私たち親にできることは、子どもの「自分の親から愛されている」という実感を高めることです。もちろん、愛していることでしょう。大切なことは、それを子どもが実感しているかということです。
愛されていると感じるアプローチができているか、子どもの顔を観ながら振り返ってみませんか。
☆ 子どもへの意図的アプローチを継続する仕掛け ☆
PTAの講演などで、2年続けて講師の依頼して下さるケースがあります。2年目のアンケートの中で、「昨年も話を聞いて気をつけようと思っていたところが忘れてしまっていたので、再び聞けてよかった」とコメントをいただくことがあります。そんなコメントに出会うたびに、嬉しいような、寂しいような思いになります。歓迎して下さることはありがたいのですが、その方のためには、継続するまでの支援ができなかったと感じるからです。
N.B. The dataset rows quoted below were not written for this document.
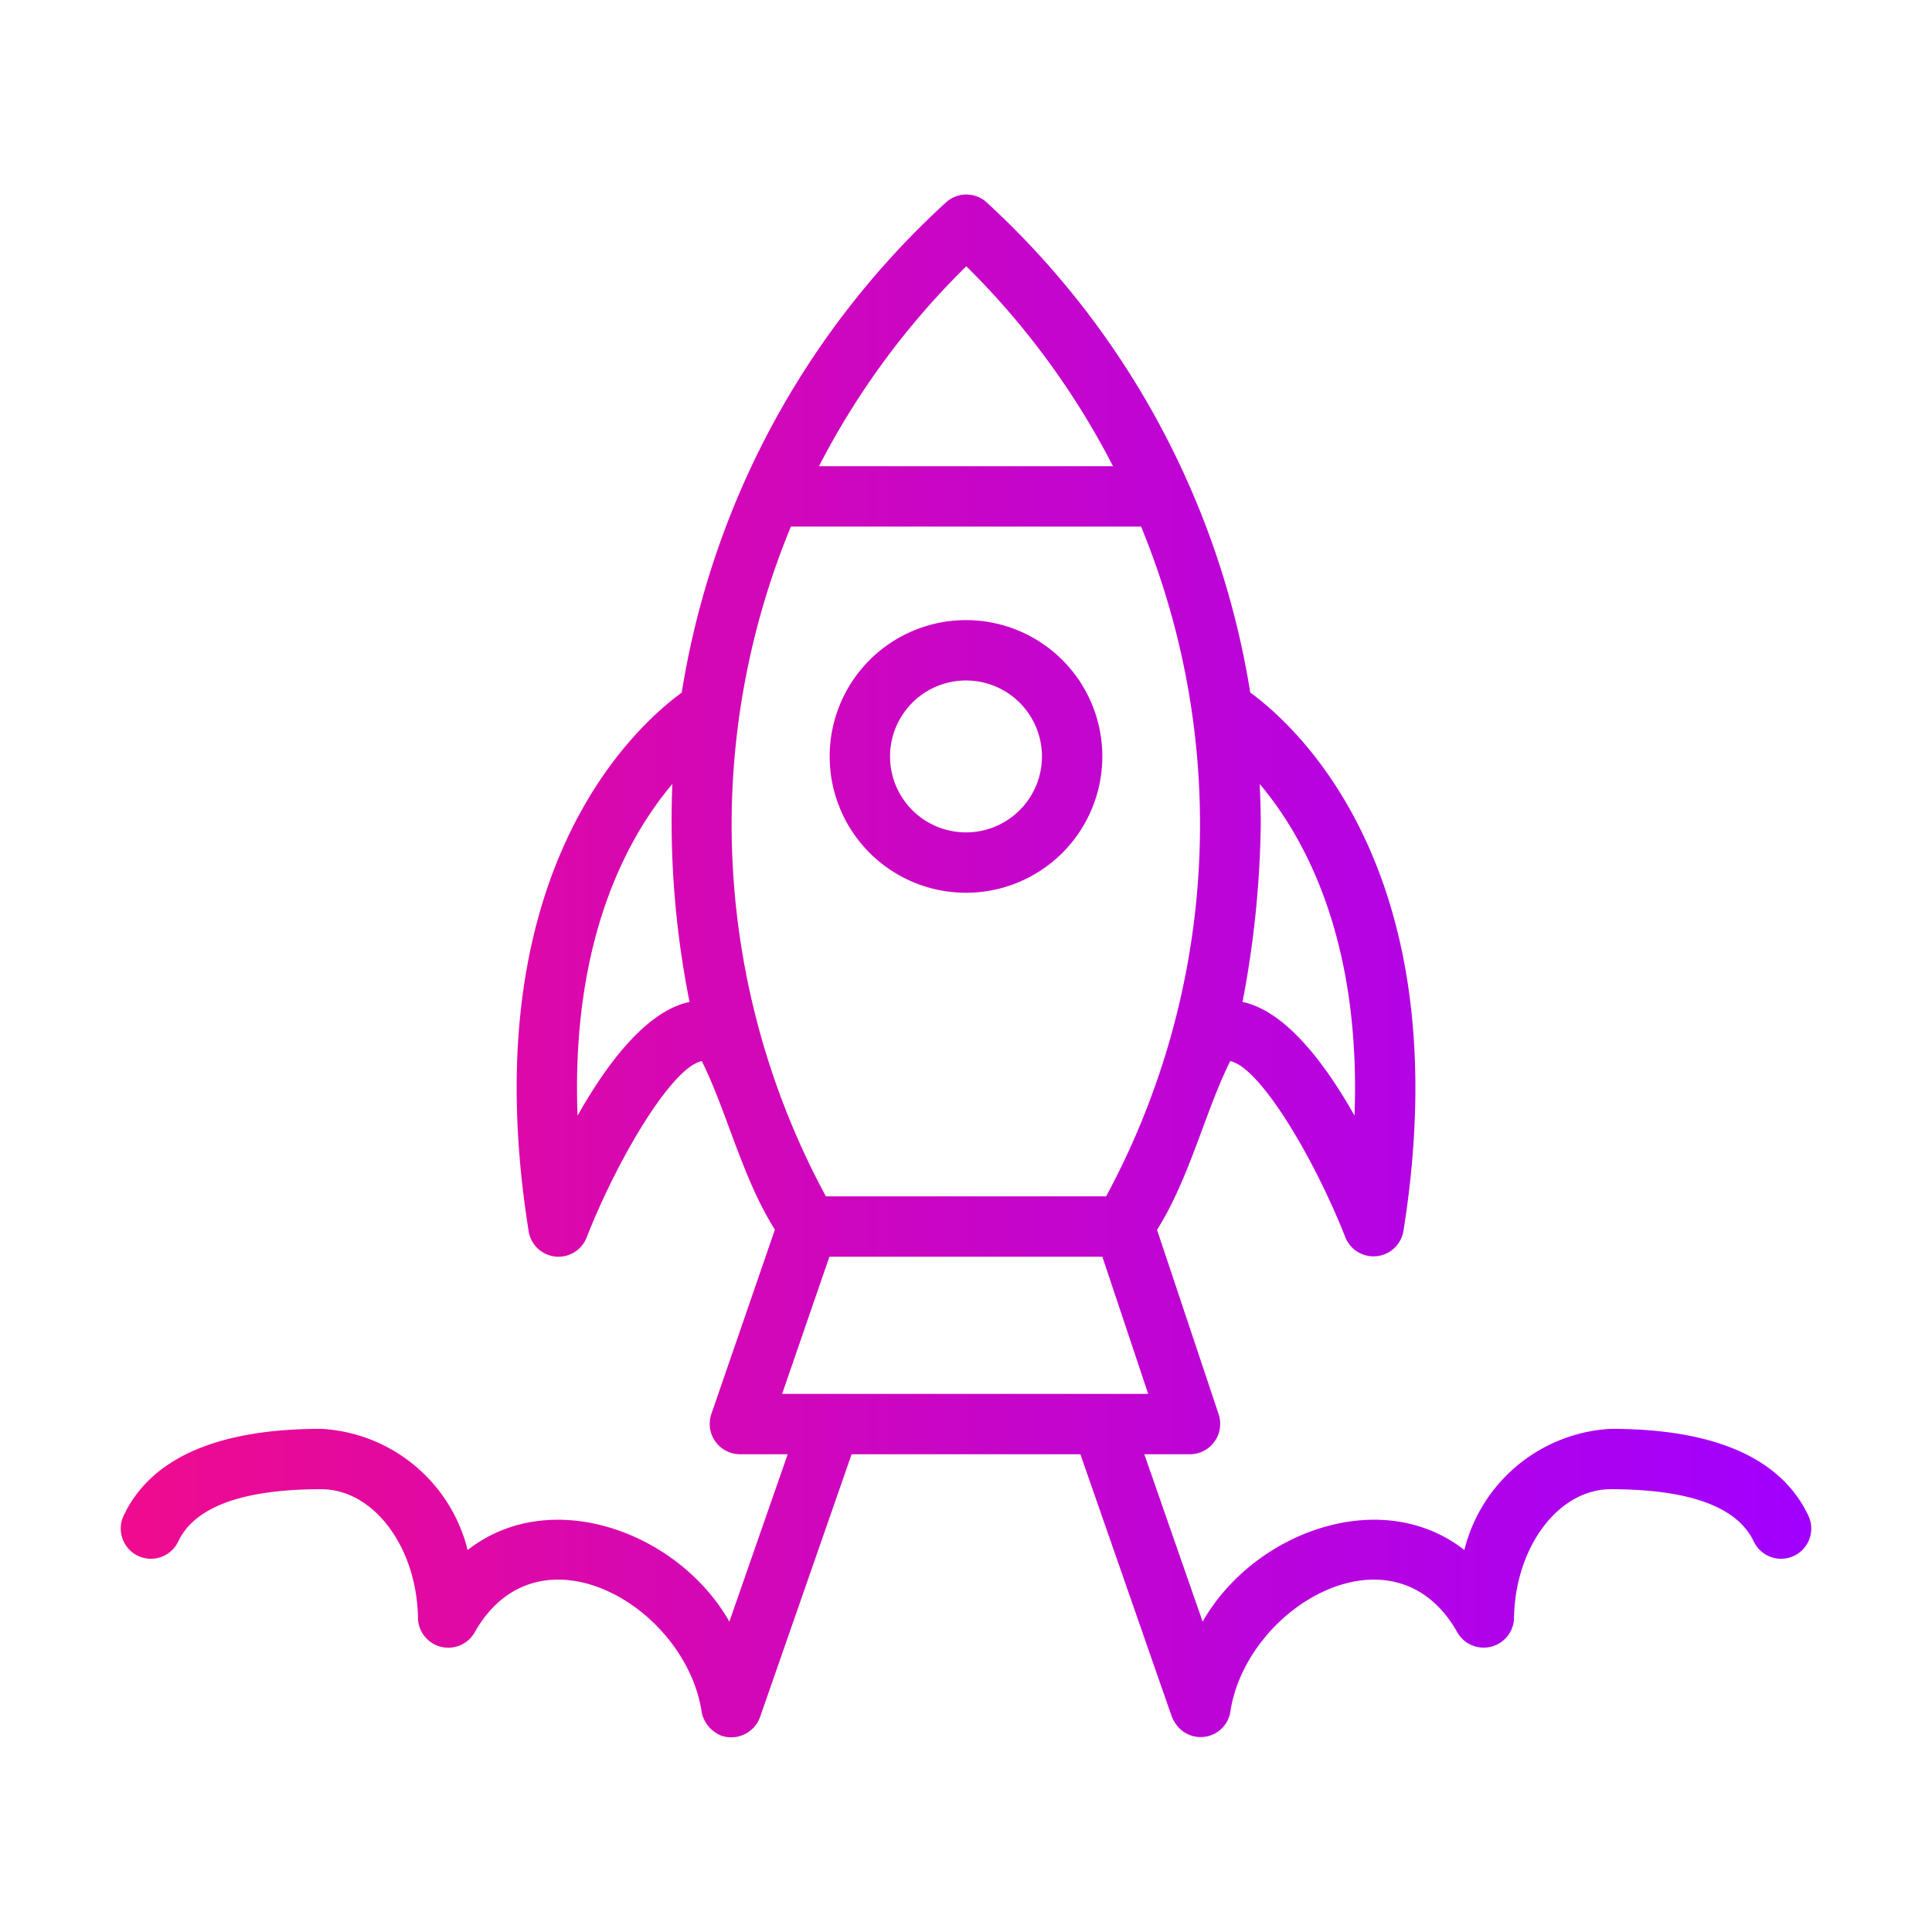 <?xml version="1.0"?>
<svg xmlns="http://www.w3.org/2000/svg" xmlns:xlink="http://www.w3.org/1999/xlink" xmlns:svgjs="http://svgjs.com/svgjs" version="1.1" width="512" height="512" x="0" y="0" viewBox="0 0 64 64" style="enable-background:new 0 0 512 512" xml:space="preserve" class="">
  <g>
    <linearGradient id="a" x1="4" x2="60.008" y1="32" y2="32" gradientUnits="userSpaceOnUse">
      <stop stop-opacity="1" stop-color="#ef0b8e" offset="0"/>
      <stop stop-opacity="1" stop-color="#a100ff" offset="1"/>
    </linearGradient>
    <path fill="url(#a)" d="M32 29.574a4.516 4.516 0 0 0 0-9.032 4.516 4.516 0 0 0 0 9.032zm0-7.032a2.516 2.516 0 0 1 0 5.032 2.516 2.516 0 0 1 0-5.032zm27.904 27.666c-.903-1.908-3.105-2.876-6.545-2.876a5.294 5.294 0 0 0-4.85 4.014c-2.76-2.155-6.983-.593-8.67 2.374l-1.932-5.546h1.516a1.007 1.007 0 0 0 .949-1.317l-2.044-6.118c1.08-1.706 1.595-3.927 2.425-5.589.986.204 2.77 3.188 3.818 5.848a1.005 1.005 0 0 0 1.918-.209c1.89-11.81-3.486-16.689-5.073-17.848a28.05 28.05 0 0 0-8.729-16.234.999.999 0 0 0-1.35-.002 27.967 27.967 0 0 0-8.754 16.238c-1.59 1.162-6.96 6.041-5.07 17.846a1 1 0 0 0 1.918.208c1.046-2.658 2.83-5.642 3.817-5.847.829 1.667 1.343 3.876 2.421 5.584l-2.107 6.114a1.007 1.007 0 0 0 .945 1.326h1.586l-1.932 5.545c-1.685-2.967-5.915-4.527-8.67-2.372a5.294 5.294 0 0 0-4.85-4.015c-3.44 0-5.642.968-6.545 2.876a1 1 0 0 0 1.808.856c.543-1.15 2.138-1.732 4.737-1.732 1.736 0 3.173 1.92 3.205 4.278a1.005 1.005 0 0 0 1.88.461c2.097-3.711 7.016-.874 7.524 2.68a1.076 1.076 0 0 0 .648.747 1.016 1.016 0 0 0 1.278-.613l3.035-8.711h7.578l3.035 8.711a.963.963 0 0 0 .082.153.997.997 0 0 0 1.843-.287c.504-3.555 5.435-6.39 7.525-2.68a1.006 1.006 0 0 0 1.88-.46c.032-2.36 1.469-4.279 3.205-4.279 2.6 0 4.194.583 4.737 1.732a1 1 0 0 0 1.808-.856zM44.87 36.956c-.977-1.73-2.286-3.469-3.71-3.764a33.293 33.293 0 0 0 .604-5.88c0-.45-.014-.897-.036-1.343 1.49 1.764 3.36 5.163 3.142 10.988zM32.01 8.821a25.99 25.99 0 0 1 4.86 6.623h-9.74a25.828 25.828 0 0 1 4.88-6.623zm-9.168 24.37c-1.424.296-2.733 2.036-3.71 3.766-.218-5.823 1.65-9.222 3.14-10.986a30.582 30.582 0 0 0 .57 7.22zm1.394-5.88a25.878 25.878 0 0 1 1.964-9.867h11.6a25.938 25.938 0 0 1-1.158 22.187h-9.283a25.924 25.924 0 0 1-3.123-12.32zm3.239 14.32h9.042l1.518 4.543H25.909z" data-original="url(#a)"/>
  </g>
</svg>

次回は、こんなこと話してみようと思うことを先行でお伝えしようと思います。
子どももそうですが、継続することは、私達大人でも永遠の課題のようです。そこで、ちょっと保護者の皆さんが、お子さんへのアプローチで「これをしよう!」と決めたことを楽しく継続する方法を、「子どもを一日5回は褒める」ことを決意したという想定で、考えてみます。
1:記録に残す
日記のように、お子さんを褒めたことについて、記録に残します。子どものどんな行動を、どのように褒めたのか、その時のお子さんの様子を記入します。さらに、親として、その一連の事柄から何を感じたかを記録します。日記を書くこと、記録に残すことが好きな方向けです。保護者が自分の決意をいつも意識できるので、継続を促します。
2:スタンプカードを作る
日記は、ちょっとと言う方には、スタンプカードがお薦めです。達成できたら、スタンプを押していきます。何の見返りがなくてもスタンプがたまるだけでもやる気が高まります。
3:自分にご褒美
一日5回褒めることができたら、自分にご褒美です。普段我慢している甘いお菓子を一人でこっそり食べる。ちょっと高価なアイスを食べる。なんていうように、自分の為だけにご褒美です。2のスタンプを貯めてご褒美も良いかもしれません。ただし、食べる者はダイエット中の方には注意です。達成感とご褒美が相まって明日のチャレンジのエネルギーになるでしょう。
4:ペナルティを課す
一日5回達成できなければ、例えば1回〇円として、未達成の回数分貯金をします。貯まったお金は、子どもや家族が喜ぶことに使いましょう。また、達成できなければ、あまりやりたくないけれど、やれば自分や家族が喜ぶ行動を一つ選んで、実行しましょう。「運動していないなぁ」という方であれば、朝の短時間のジョギングなんかよいかもしれません。
以上が私の頭に浮かんだ例です。ポイントは、「一日5回褒める」という行動が生活の中に影響するもので、始めるにあたってワクワクするような仕掛けをつくることです。
「これいいなぁ。子どもにやらせよう!」と思ったあなた!
まずは、ご自分で実践してみて下さい。